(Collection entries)
=== Section Start ===

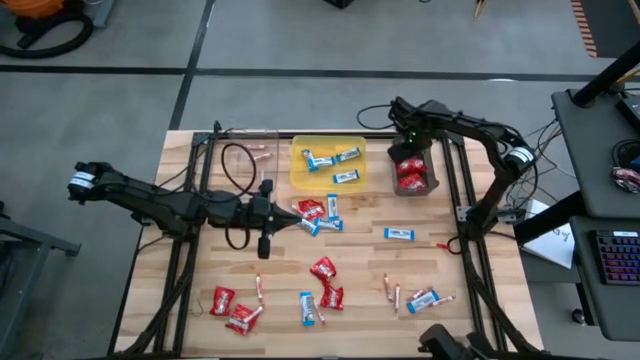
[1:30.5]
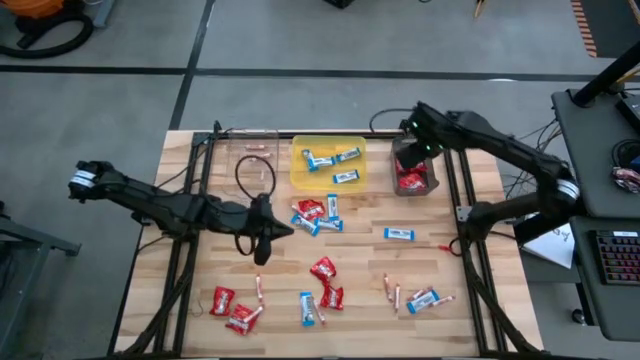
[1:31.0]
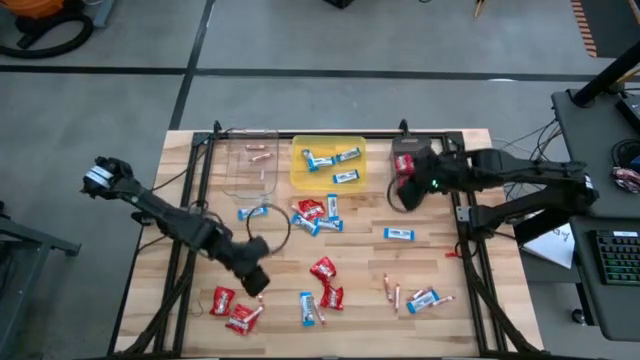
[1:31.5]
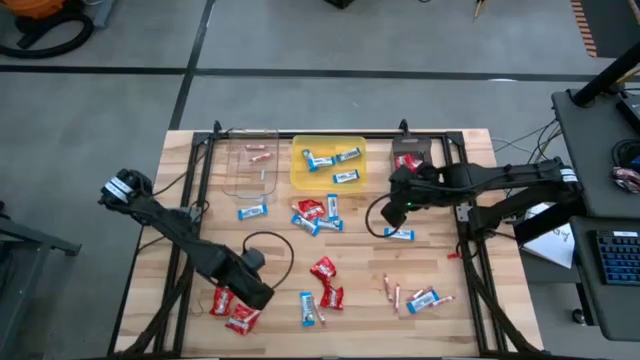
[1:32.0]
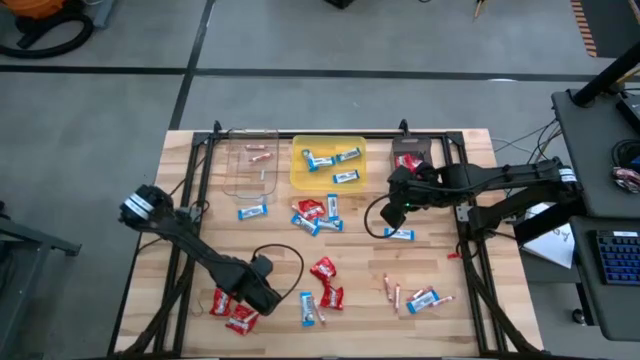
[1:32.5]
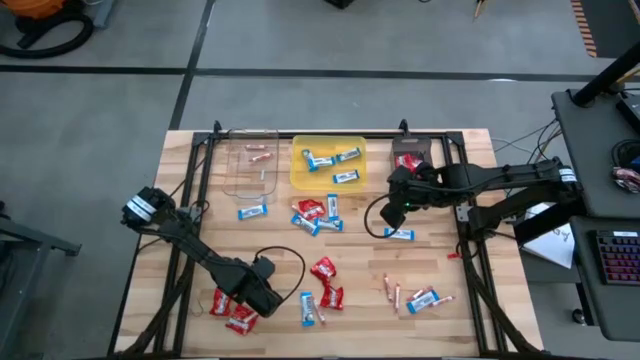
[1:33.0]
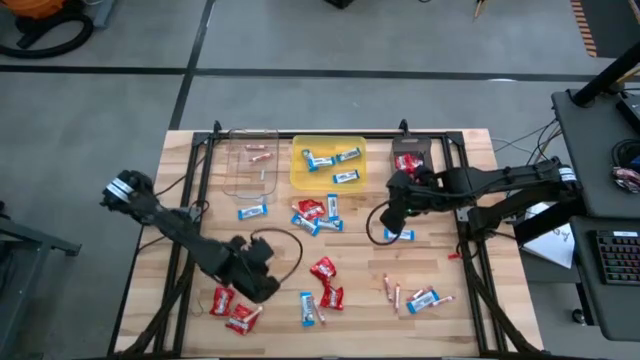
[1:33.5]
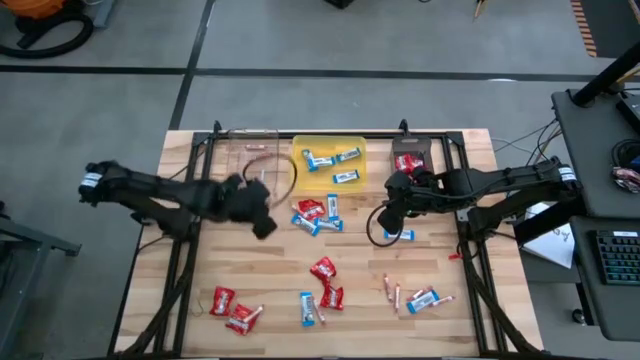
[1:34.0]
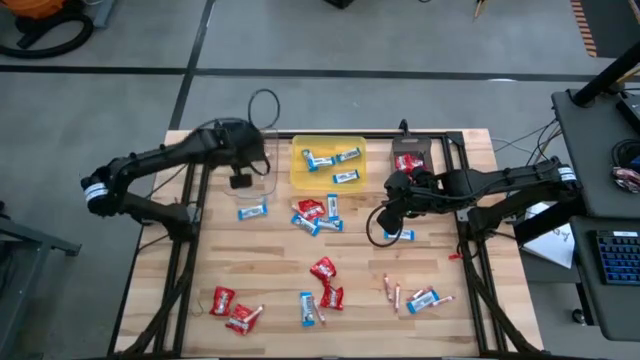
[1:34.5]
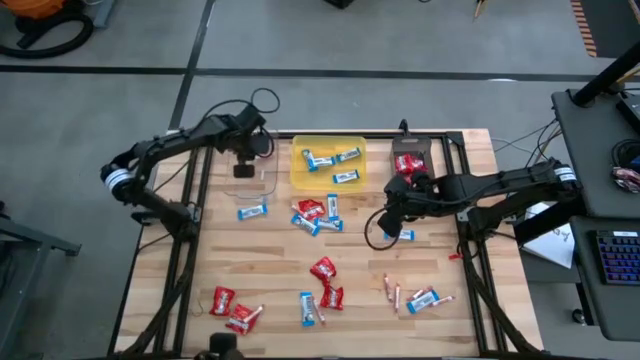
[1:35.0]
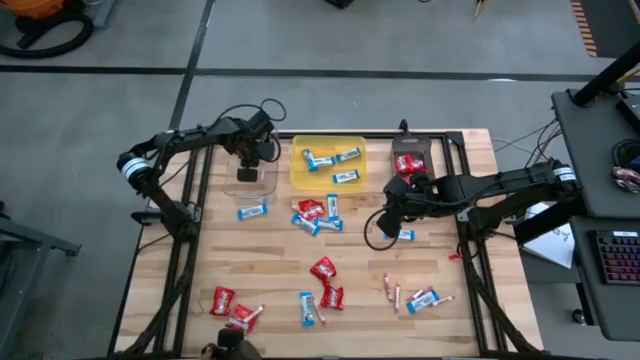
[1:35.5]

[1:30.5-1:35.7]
Task: Sort candy
Put the orange candy into the transparent bin

=== Section End ===

## Assigned task
Repeat the records above word for word, apart from the pictures.

## Response for this exercise
[1:30.5]
[1:31.0]
[1:31.5]
[1:32.0]
[1:32.5]
[1:33.0]
[1:33.5]
[1:34.0]
[1:34.5]
[1:35.0]
[1:35.5]

[1:30.5-1:35.7]
Task: Sort candy
Put the orange candy into the transparent bin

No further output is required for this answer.